- Task goal
Are you able to quote each entry exactly as written?

[Records contained in a dataset]
▬▬▬

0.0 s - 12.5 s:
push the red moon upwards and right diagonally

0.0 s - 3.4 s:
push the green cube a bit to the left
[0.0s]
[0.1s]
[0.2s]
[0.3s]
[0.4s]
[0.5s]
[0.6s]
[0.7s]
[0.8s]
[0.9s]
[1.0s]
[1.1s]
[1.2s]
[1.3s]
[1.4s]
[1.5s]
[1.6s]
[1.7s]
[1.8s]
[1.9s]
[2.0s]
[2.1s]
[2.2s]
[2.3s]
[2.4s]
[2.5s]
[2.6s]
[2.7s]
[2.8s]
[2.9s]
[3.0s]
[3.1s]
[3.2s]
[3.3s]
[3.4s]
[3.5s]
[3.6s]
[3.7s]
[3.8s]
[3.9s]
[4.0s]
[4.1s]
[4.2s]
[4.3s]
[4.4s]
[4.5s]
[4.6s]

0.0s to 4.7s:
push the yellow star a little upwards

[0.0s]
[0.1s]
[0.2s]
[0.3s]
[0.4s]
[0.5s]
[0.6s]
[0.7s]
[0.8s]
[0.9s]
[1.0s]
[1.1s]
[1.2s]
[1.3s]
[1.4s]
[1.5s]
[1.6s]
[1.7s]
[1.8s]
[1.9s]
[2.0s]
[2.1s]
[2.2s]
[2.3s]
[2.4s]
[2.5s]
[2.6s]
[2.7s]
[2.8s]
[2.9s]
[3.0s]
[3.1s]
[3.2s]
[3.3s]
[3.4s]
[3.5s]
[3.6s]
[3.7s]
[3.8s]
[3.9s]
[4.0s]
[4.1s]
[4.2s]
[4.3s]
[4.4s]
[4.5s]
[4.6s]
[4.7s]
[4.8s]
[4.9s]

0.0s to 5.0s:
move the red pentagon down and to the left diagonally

▬▬▬

- Response to the exercise
0.0 s - 12.5 s:
push the red moon upwards and right diagonally

0.0 s - 3.4 s:
push the green cube a bit to the left
[0.0s]
[0.1s]
[0.2s]
[0.3s]
[0.4s]
[0.5s]
[0.6s]
[0.7s]
[0.8s]
[0.9s]
[1.0s]
[1.1s]
[1.2s]
[1.3s]
[1.4s]
[1.5s]
[1.6s]
[1.7s]
[1.8s]
[1.9s]
[2.0s]
[2.1s]
[2.2s]
[2.3s]
[2.4s]
[2.5s]
[2.6s]
[2.7s]
[2.8s]
[2.9s]
[3.0s]
[3.1s]
[3.2s]
[3.3s]
[3.4s]
[3.5s]
[3.6s]
[3.7s]
[3.8s]
[3.9s]
[4.0s]
[4.1s]
[4.2s]
[4.3s]
[4.4s]
[4.5s]
[4.6s]

0.0s to 4.7s:
push the yellow star a little upwards

[0.0s]
[0.1s]
[0.2s]
[0.3s]
[0.4s]
[0.5s]
[0.6s]
[0.7s]
[0.8s]
[0.9s]
[1.0s]
[1.1s]
[1.2s]
[1.3s]
[1.4s]
[1.5s]
[1.6s]
[1.7s]
[1.8s]
[1.9s]
[2.0s]
[2.1s]
[2.2s]
[2.3s]
[2.4s]
[2.5s]
[2.6s]
[2.7s]
[2.8s]
[2.9s]
[3.0s]
[3.1s]
[3.2s]
[3.3s]
[3.4s]
[3.5s]
[3.6s]
[3.7s]
[3.8s]
[3.9s]
[4.0s]
[4.1s]
[4.2s]
[4.3s]
[4.4s]
[4.5s]
[4.6s]
[4.7s]
[4.8s]
[4.9s]

0.0s to 5.0s:
move the red pentagon down and to the left diagonally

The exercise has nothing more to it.